Reposting from the Justice for Credit Card Facebook Page. This was the horse that was found shot, throat slit and quartered. I sent my email this morning. 

*From Robin Smith (Shaun's Mother) Shaun owned Credit Card

Thought I'd share: PLEASE TO ALL MY FRIENDS AND HORSE LOVERS OUT THERE!!!!!! 

Justice for Credit Card -

Circuit Court Judge Larry Chandler is currently handling the case.

His email is: [email protected]
... ... Please email Judge Larry Chandler and ask... him to impose the maximum sentences for these crimes.
Judge Larry Chandler's phone is: 1-870-235-3781.
Together we can and SHOULD make a difference!!!!!!!!!!
PLEASE TO ALL REPOST IF ENOUGH EMAIL AND CALLS COME IN THEY WILL HAVE TO DO SOMETHING !!*


----------



## Joe4d (Sep 1, 2011)

Ummmm gee shouldnt there at least be a trial first ? God forbid we actually follow the law and actually prove someone guilty first.


----------



## WickedNag (Sep 7, 2010)

Joe4d said:


> Ummmm gee shouldnt there at least be a trial first ? God forbid we actually follow the law and actually prove someone guilty first.


Yes we should let there be a trial and conviction, the family of Credit Card asks the maximum sentence be imposed if she is found guilty. I don't have a problem emailing the judge and asking him to do so.

Here is one link but you can do your own research....

Jackson allegedly watched killing of Credit Card | Horsetalk - International horse news


----------



## mls (Nov 28, 2006)

Joe4d said:


> Ummmm gee shouldnt there at least be a trial first ? God forbid we actually follow the law and actually prove someone guilty first.


How much more proof do you need? She confessed and the horses were found on her mothers land.


----------



## kait18 (Oct 11, 2011)

just bc she confessed doesn't mean she will get maximum...

edit: i did email them as well.


----------



## WickedNag (Sep 7, 2010)

http://ftpcontent.worldnow.com/ksla/pdf/horsedocument.pdf


----------



## WickedNag (Sep 7, 2010)

kait18 said:


> just bc she confessed doesn't mean she will get maximum...
> 
> edit: i did email them as well.


Which is why the mother is asking for everyone to contact the judge.


----------



## kait18 (Oct 11, 2011)

it still won't matter. she could have confessed for a reduced sentence therefore she wouldn't be able to get maximum.. 
it all depends on how they got her to speak and confess!!

edit: i just read a few articles on it and it looks like she only confessed bc she had reduced sentencing and gave up 2 other people. who were only charged for tack theft... 

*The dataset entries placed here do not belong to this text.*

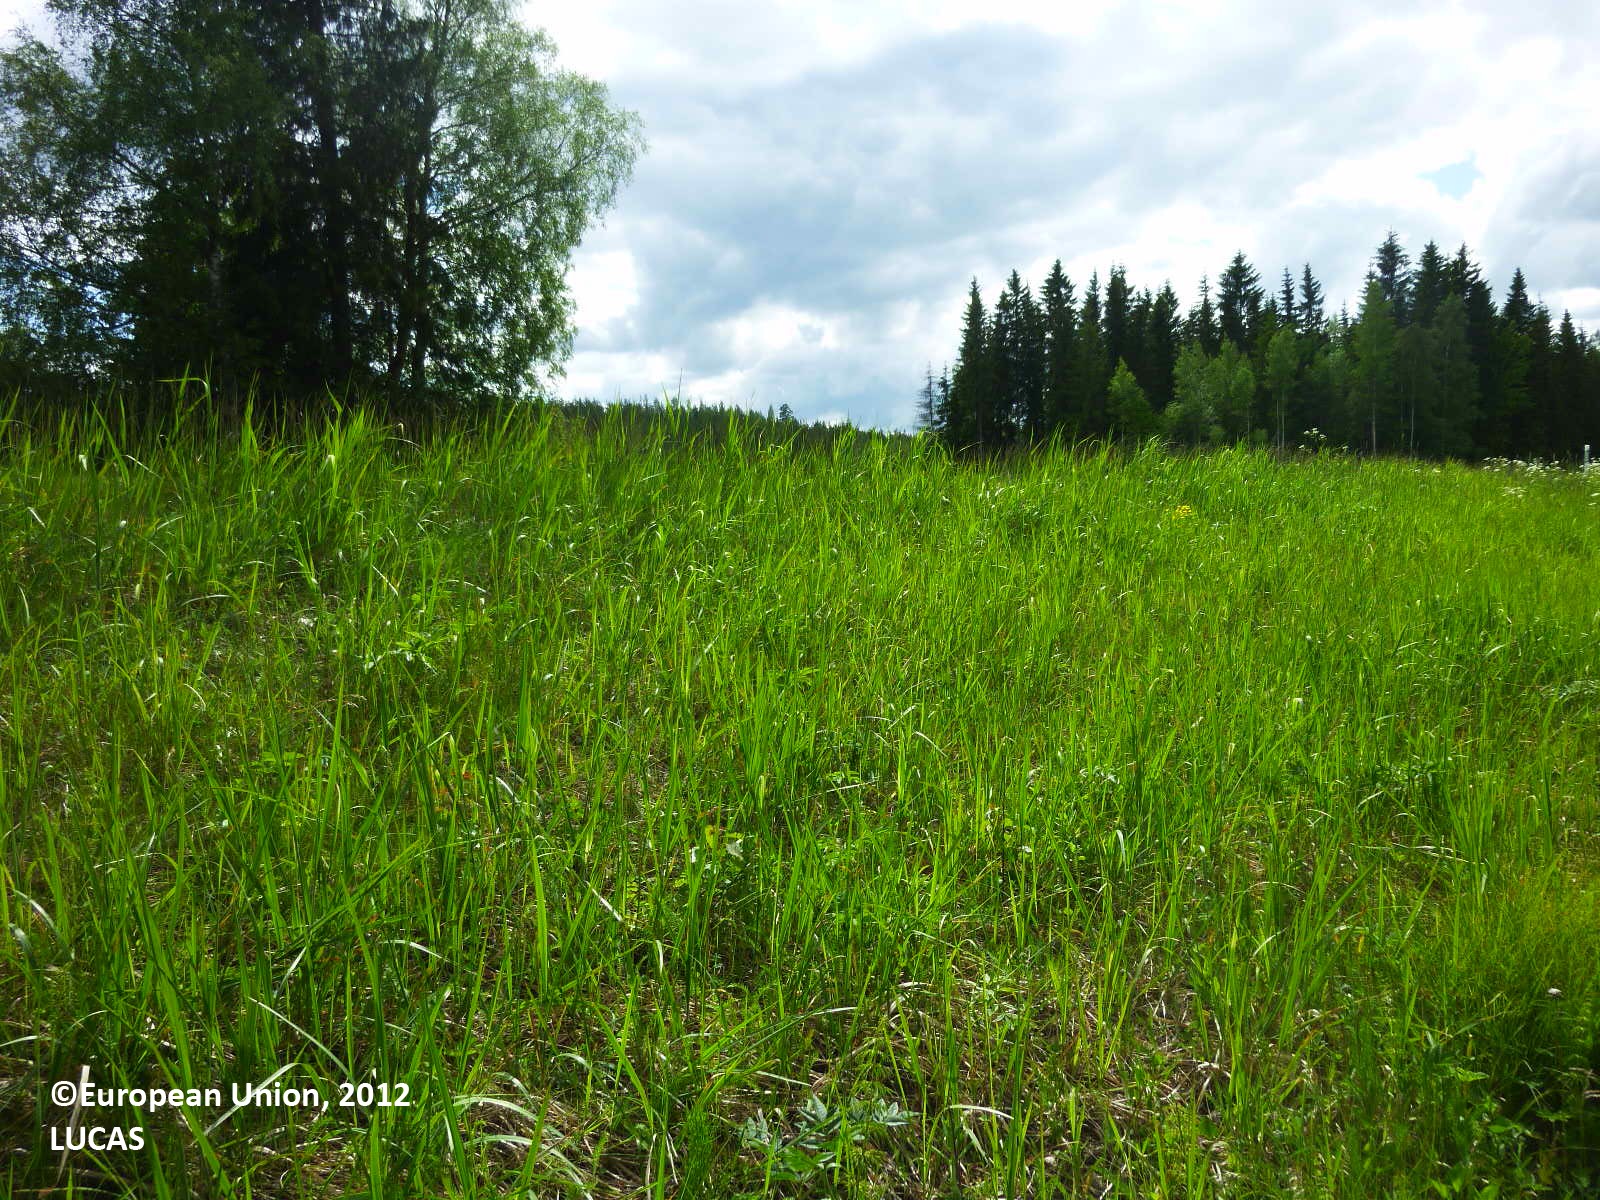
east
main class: Grassland
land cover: Grassland without tree/shrub cover
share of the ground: > 75 %
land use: Road transport
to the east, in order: Grassland without tree/shrub cover; Paved roads, cycling and walking lanes; Grassland without tree/shrub cover; Spruce dominated mixed woodland; Shrubland with sparse tree cover; Rivers and streams; Spruce dominated mixed woodland; Shrubland without tree cover; Grassland without tree/shrub cover
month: June
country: FI
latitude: 61.4780
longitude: 22.5868
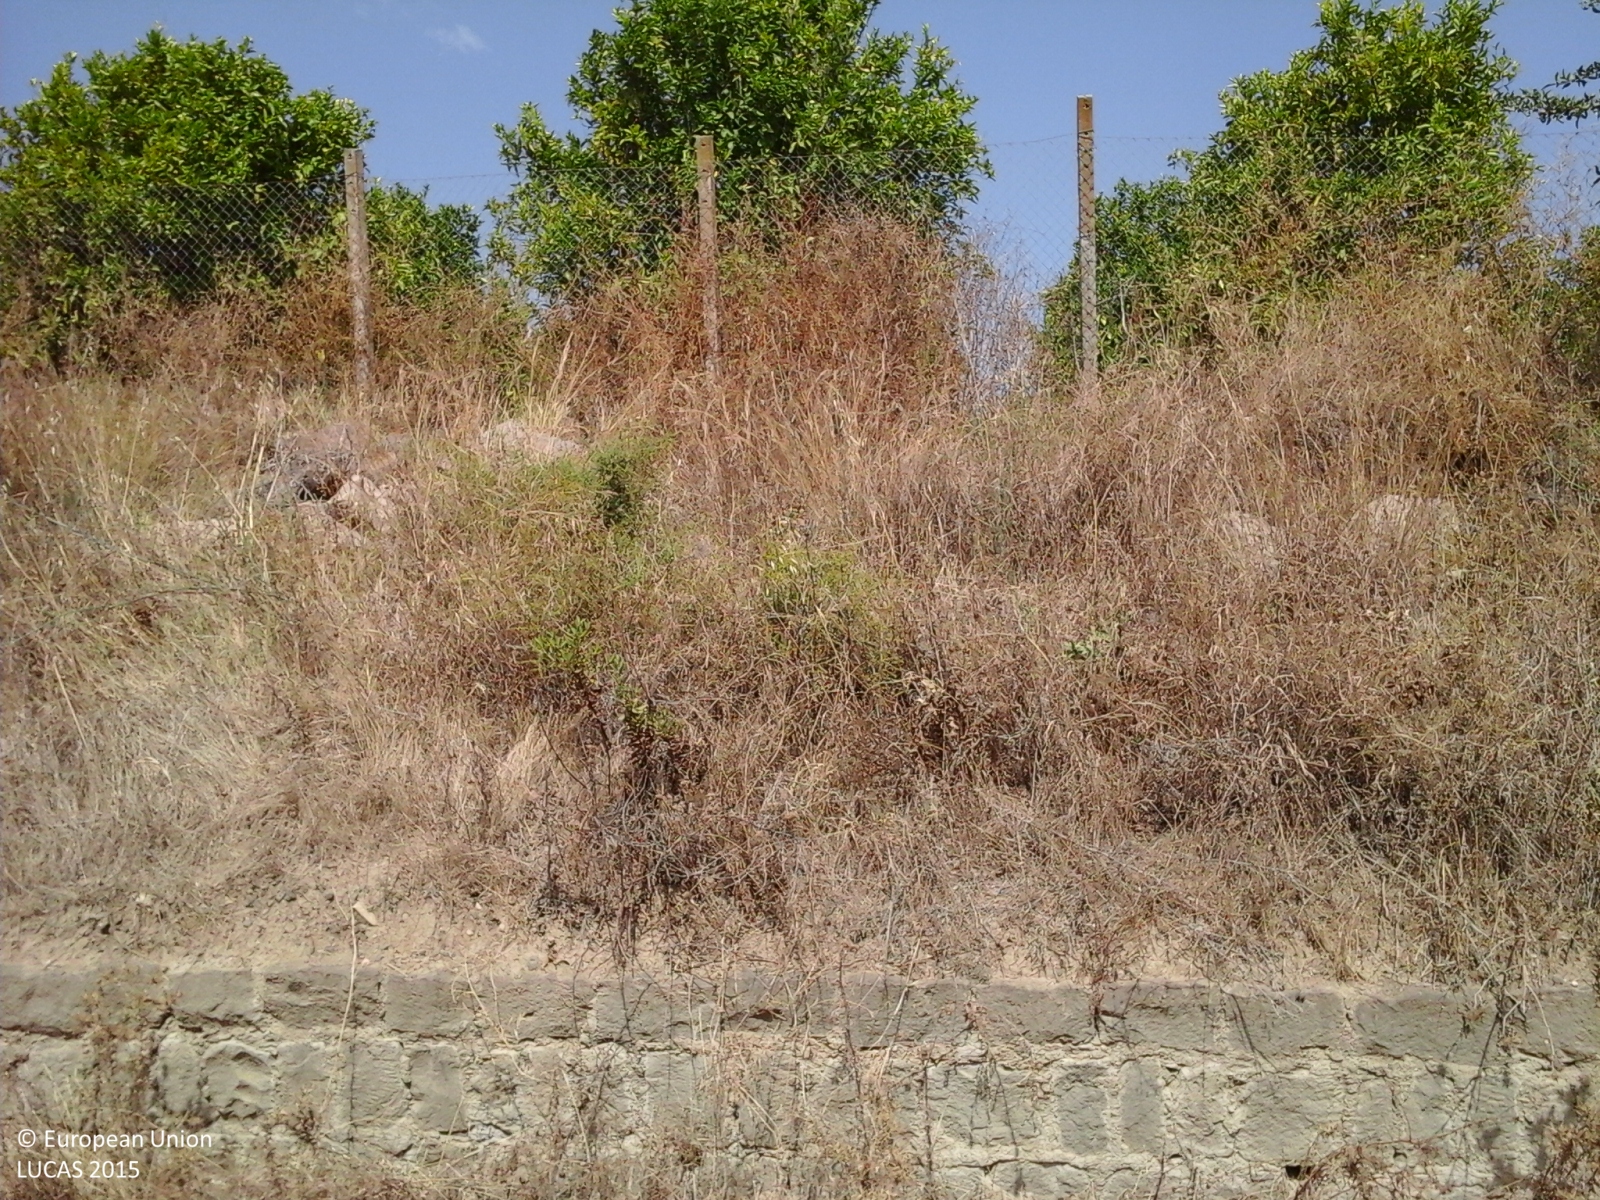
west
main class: Cropland
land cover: Oranges
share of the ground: > 75 %
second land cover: Spontaneously vegetated surfaces
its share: > 75 %
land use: Agriculture (excluding fallow land and kitchen gardens)
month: August
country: IT
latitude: 37.2784
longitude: 14.8471
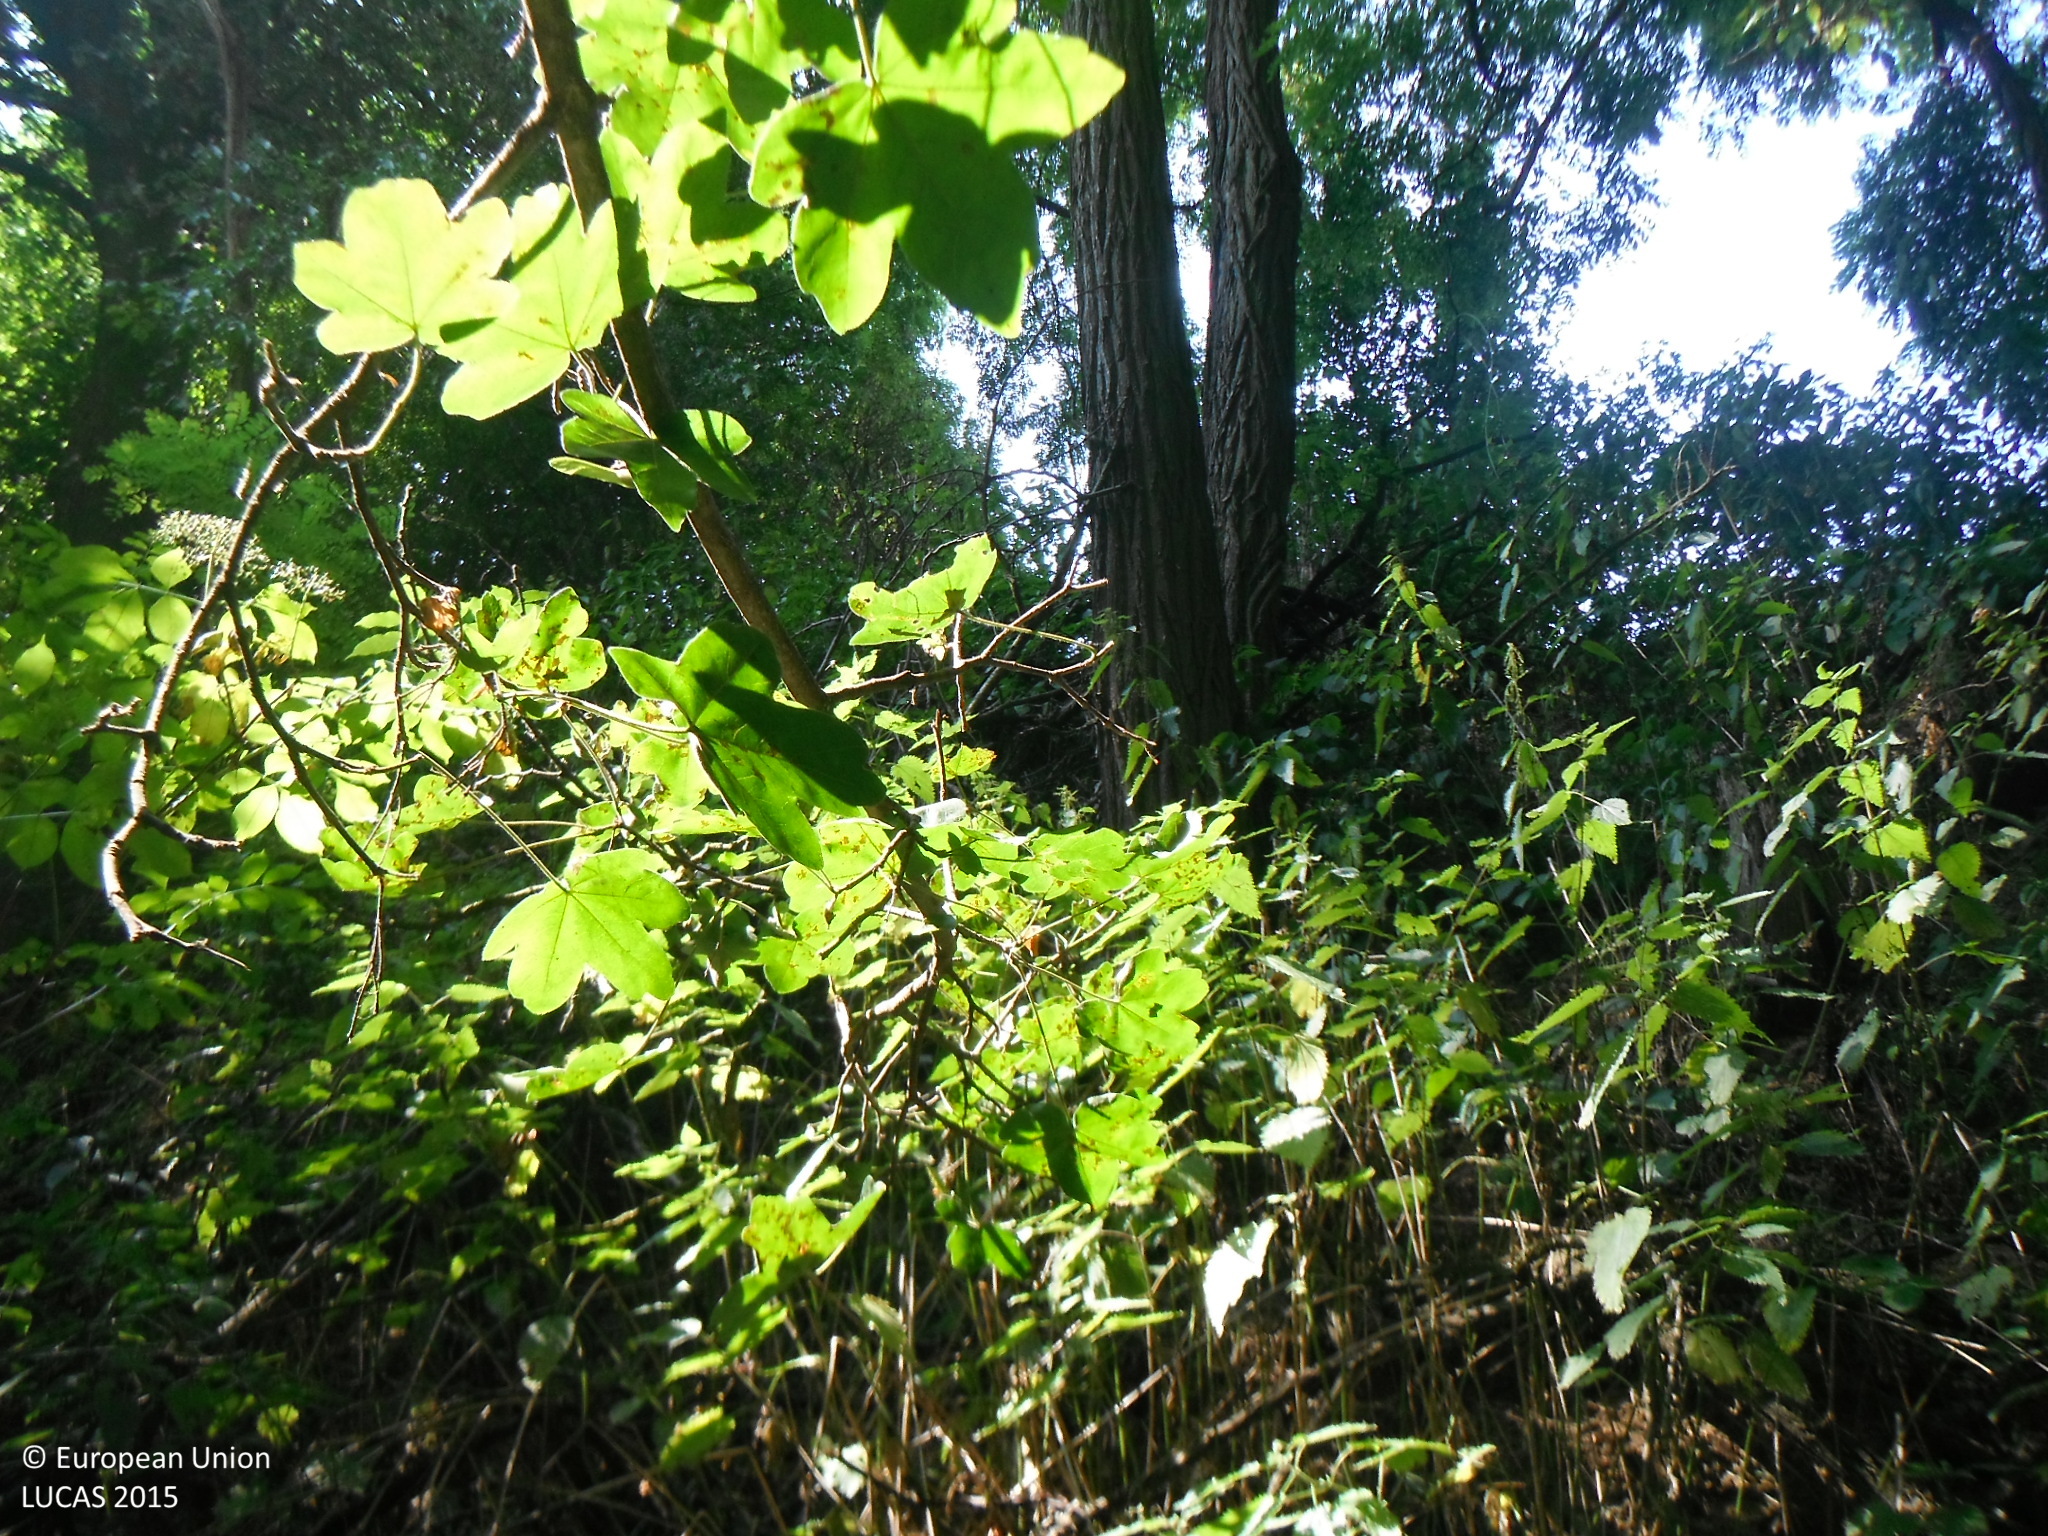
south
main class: Woodland
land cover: Broadleaved woodland
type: mesophytic deciduous forest
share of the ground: > 75 %
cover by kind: broadleaved forest trees 90 %, shrubs 5 %, herbaceous plants 5 %
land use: Semi-natural and natural areas not in use
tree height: > 5 m
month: July
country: SK
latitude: 48.6391
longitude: 17.4611

so i don't think she will get a maximum even if she deserves it.


----------



## WickedNag (Sep 7, 2010)

Can you link the article that says she confessed for reduced sentencing? I have been watching about the horses since they were first discovered missing on Nov 3rd


----------



## kait18 (Oct 11, 2011)

it doesn't say. but the way the article has stated it, it sounds very likely. hold on let me see if i can find it. 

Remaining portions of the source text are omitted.